Envolvimento no trabalho? A linha ténue entre engagement e workaholism
Por Daniela Geraldes, Professora do Mestrado em Psicologia Social e das Organizações, Ispa – Instituto Universitário.
Termos colaboradores dedicados, com paixão pelo seu trabalho e com uma incessante energia é, sem dúvida, o intento de todas as organizações. É este colaborador que procuramos em cada processo de recrutamento, que valorizamos anualmente na avaliação de desempenho e a quem, no final de cada dia de trabalho – muitas vezes, já fora de horas – agradecemos o empenho.
Mas será que sabemos quando estamos perante um colaborador engaged ou workaholic? Quão ténue é esta linha?
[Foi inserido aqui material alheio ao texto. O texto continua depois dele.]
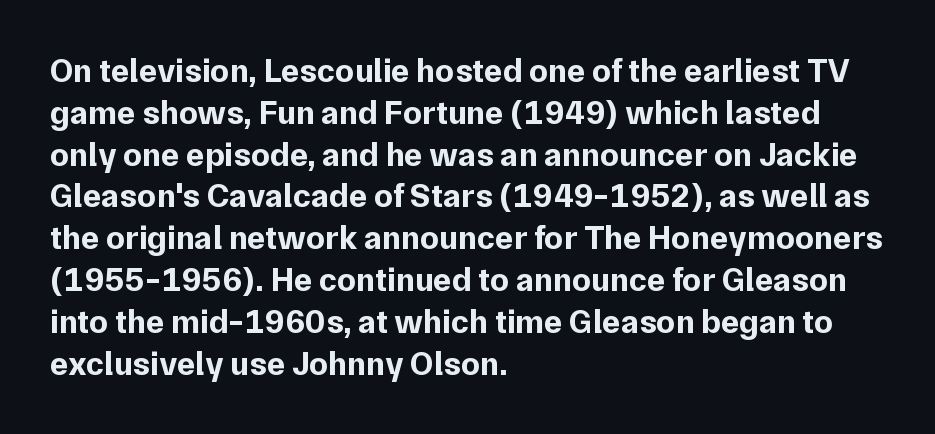
{"serif": "no", "italic": "no", "bold": "yes", "weight": "bold", "width": "normal", "stroke_contrast": "low", "x_height": "medium", "monospaced": "no", "underline": "no", "align": "left", "line_spacing_ratio": 1.23, "letter_spacing": "normal", "letter_spacing_em": 0.0, "glyph_px": 34}
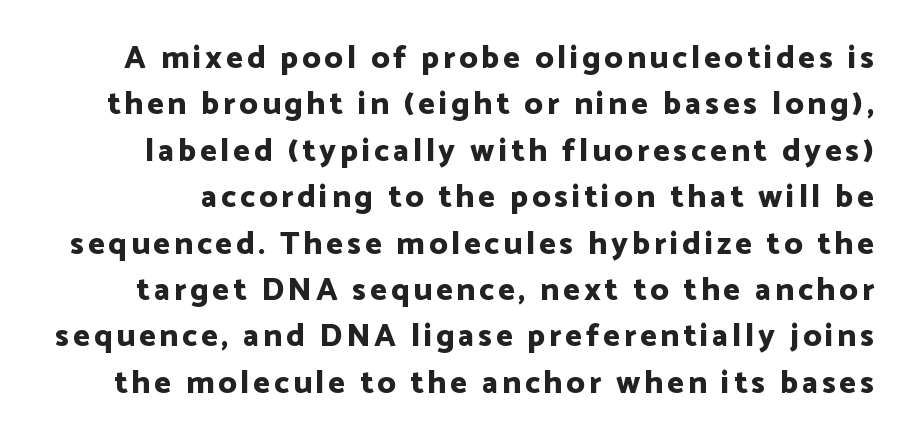
{"serif": "no", "italic": "no", "bold": "yes", "weight": "bold", "width": "normal", "stroke_contrast": "low", "x_height": "medium", "monospaced": "no", "underline": "no", "line_spacing": "normal", "line_spacing_ratio": 1.45, "glyph_px": 32}
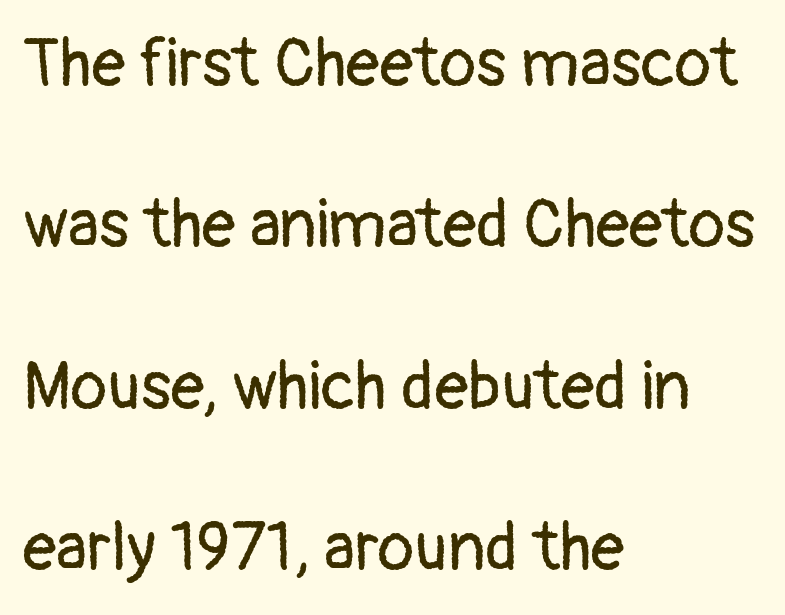
Q: Is the text bold? A: No.
Q: Is the text italic (slanted)? A: No, it is upright.
Q: Is the typeface a serif or a sans-serif typeface? A: Sans-serif.
Q: Is the text underlined? A: No.
Q: How is the paragraph aligned? A: Left-aligned.
Q: Is the spacing between letters normal or unusually wide? A: Normal.
Q: Is the spacing between lines tight, normal or loose? A: Loose.
Q: Width (condensed, normal, or wide)? A: Normal.
Q: Stroke contrast? A: Low.
Q: x-height? A: Medium.
Q: Monospaced? A: No.
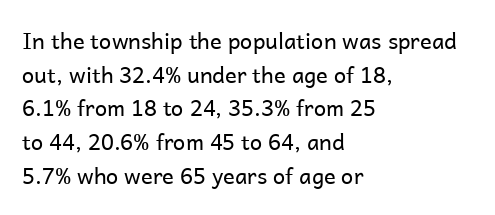
Unbolded letterforms with no extra heft. The letterforms sit shoulder to shoulder at normal distance. Line spacing here is normal. Glance below the letters and you will spot only blank space. Visually the block forms a straight wall on the left and a jagged coastline on the right.
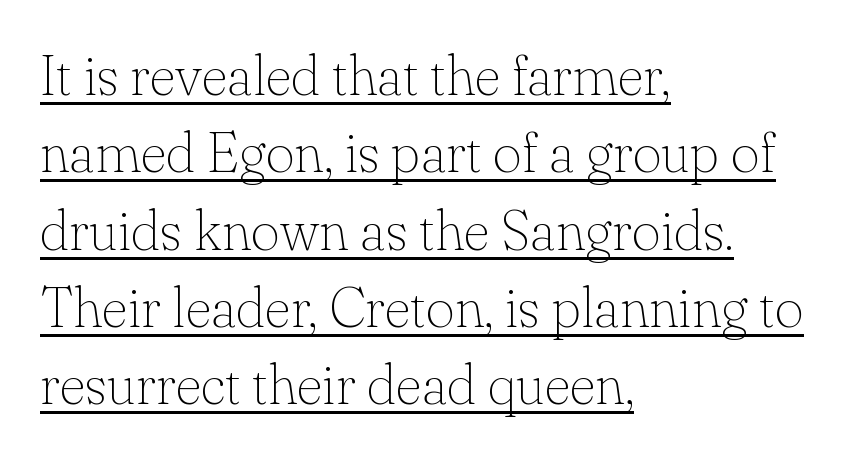
The image shows 56 px thin serif type, upright; set left-aligned, normal line spacing (1.38x), normal letter spacing, underlined; low stroke contrast and a small x-height.
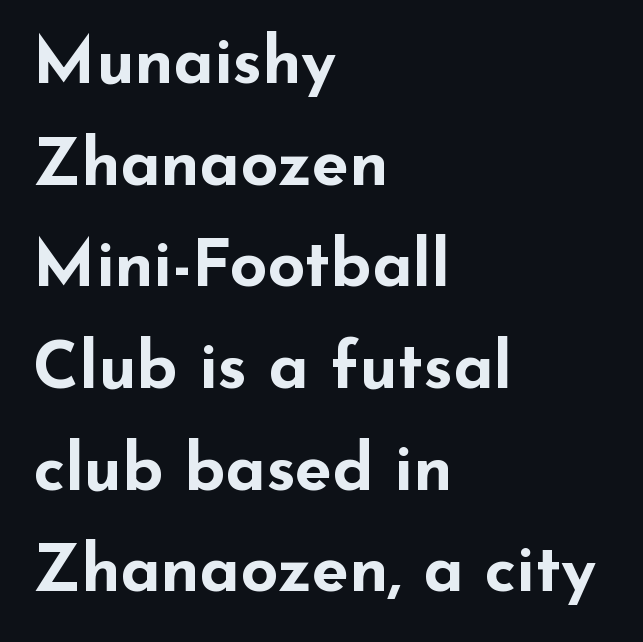
The image shows 66 px bold, wide sans-serif type, upright; set left-aligned, normal line spacing (1.54x), normal letter spacing, not underlined; low stroke contrast and a small x-height.
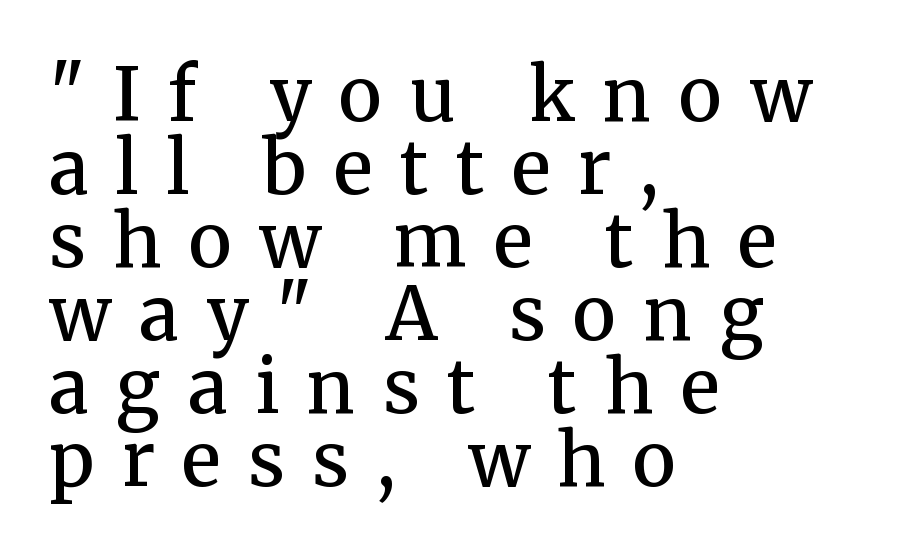
The image shows 73 px semibold serif type, upright; set left-aligned, tight line spacing (1.0x), unusually wide letter spacing (+0.38 em), not underlined; medium stroke contrast and a medium x-height.
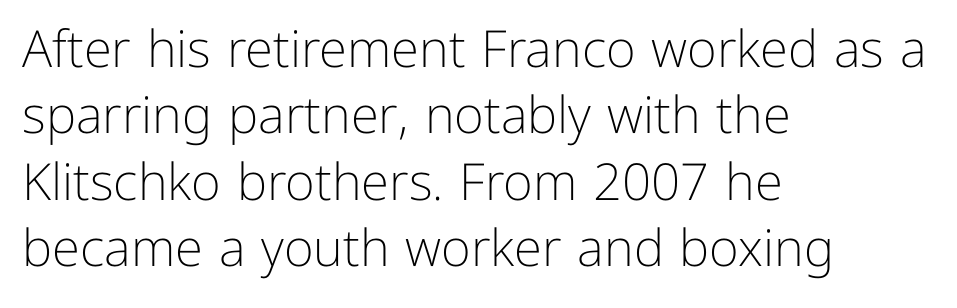
Where is the straight margin? On the left. Ordinary non-slanted type is in use. The weight tops out at a normal text grade. Does the leading feel generous? No, just average. Is the letter spacing exaggerated? No — it looks like the ordinary default.
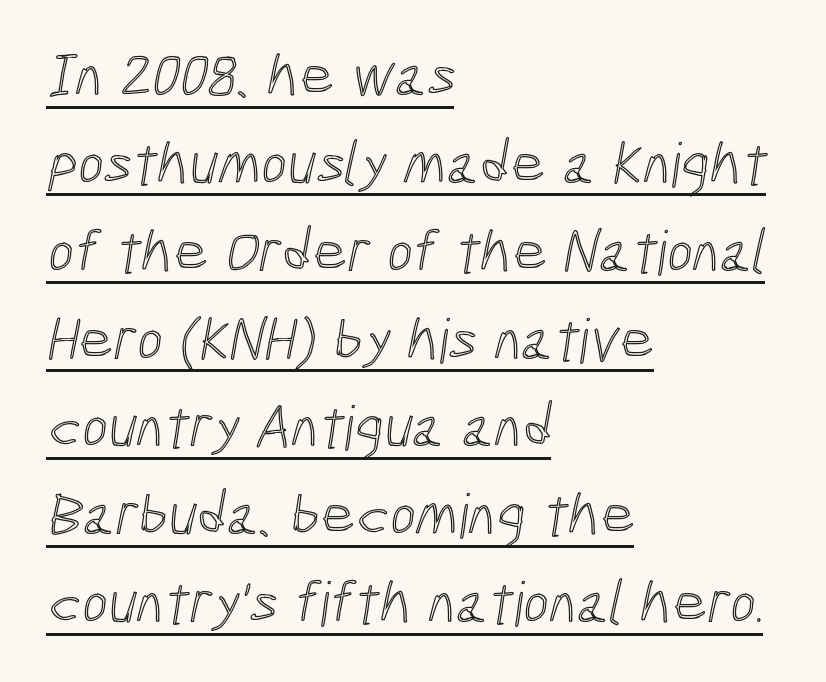
{"width": "condensed", "x_height": "medium", "monospaced": "no", "underline": "yes", "align": "left", "line_spacing": "normal", "line_spacing_ratio": 1.44, "letter_spacing": "normal", "letter_spacing_em": 0.0, "glyph_px": 61}
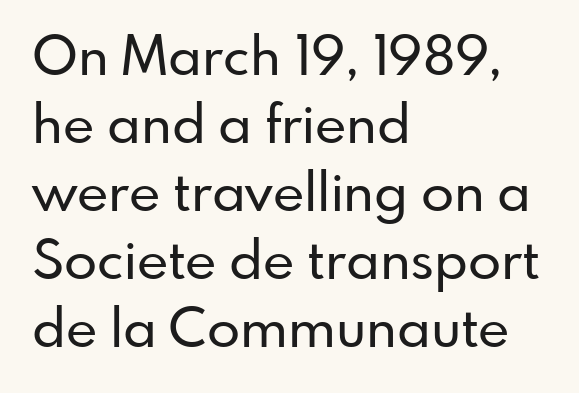
The image shows 54 px sans-serif type, upright; set left-aligned, normal line spacing (1.26x), normal letter spacing, not underlined; low stroke contrast and a small x-height.
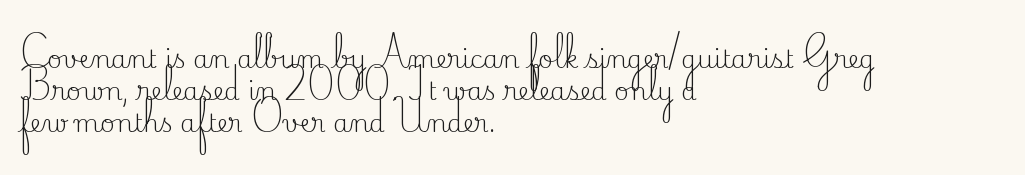
Glance below the letters and you will spot only blank space. The weight tops out at a normal text grade. Teacher's note: observe the even left margin — that is flush-left alignment. Interline gaps are of average width in this sample. In terms of posture, this sample is upright.
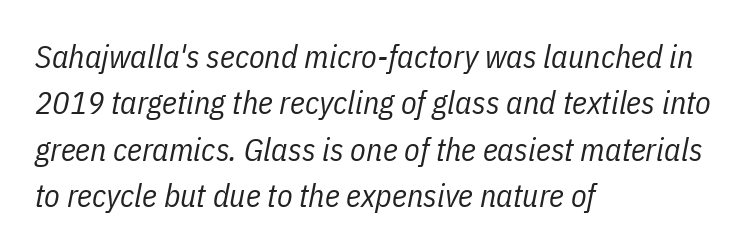
{"italic": "yes", "lean": "right", "slant_degrees": 11, "bold": "no", "weight": "regular", "width": "condensed", "stroke_contrast": "low", "x_height": "medium", "monospaced": "no", "underline": "no", "align": "left", "line_spacing": "normal", "line_spacing_ratio": 1.45, "letter_spacing": "normal", "letter_spacing_em": 0.0, "glyph_px": 32}

Tem-se percebido que é o afeto positivo (nomeadamente a diversão) que rege o limiar entre estes dois estados de grande envolvimento no trabalho. A paixão pelo trabalho tem aqui, portanto, alicerces distintos. E por isso, é fácil compreender que é assim, nos contextos atuais onde o foco no resultado/objetivo se sobrepõe a tudo o resto, que rapidamente deixamos de ter um colaborador engaged para ter um trabalhador preocupado e com dificuldade em desligar. Adicionalmente, com a generalização do trabalho remoto e a nossa constante conexão digital, tem-se compreendido que esta linha foi-se tornando ainda mais ténue. Ainda que, visto de fora, estes colaboradores dedicados nos pareçam igualmente produtivos, a verdade é que vão viver o contexto organizacional – e a sua saúde mental – de formas completamente díspares.
De facto, num mundo onde é tão difícil desconectar e onde o resultado é cada vez mais importante que o processo, o que podemos fazer nas organizações para proteger as pessoas?
A solução pode passar tão simplesmente por desnivelar a balança e potenciar o engagement, através de um dos principais recursos que uma empresa pode ter: a chefia. O seu suporte pode ser a peça chave para o afeto positivo, tão necessário nos contextos atuais. Será que não prejudicamos colaboradores dedicados e engaged, ao pedir sempre mais a quem produz copiosamente? Não estaremos, de forma inconsciente, a “prejudicar” quem tão bem trabalha? A verdadeira preocupação com a carga de trabalho e esta cultura de overwork pode ser decisiva. É aqui que o estabelecimento de limites dentro do que é a autonomia de cada função, o equilíbrio entre o trabalho e a vida pessoal e a harmonia entre as exigências profissionais e a recuperação atuam como práticas meritórias. Em última análise, pedir sempre mais a quem entrega, pode meramente esgotar todos os seus recursos. Como tal, investir no engagement ao invés de potenciar o workaholism deve fazer parte dos pilares estratégicos de uma organização.
Como reflexão, convido-o a um momento de autoavaliação. Será que consegue perceber, no piloto automático do dia a dia, se o seu envolvimento com o trabalho ainda tem o seu quê de diversão ou se está já formatado a cumprir a extra mile habitual? Espero que o afeto positivo ainda esteja presente e, caso contrário, que a rota possa ser recalculada – a sua e a dos que trabalham à sua volta. Afinal, somos todos frutos de um espelho organizacional.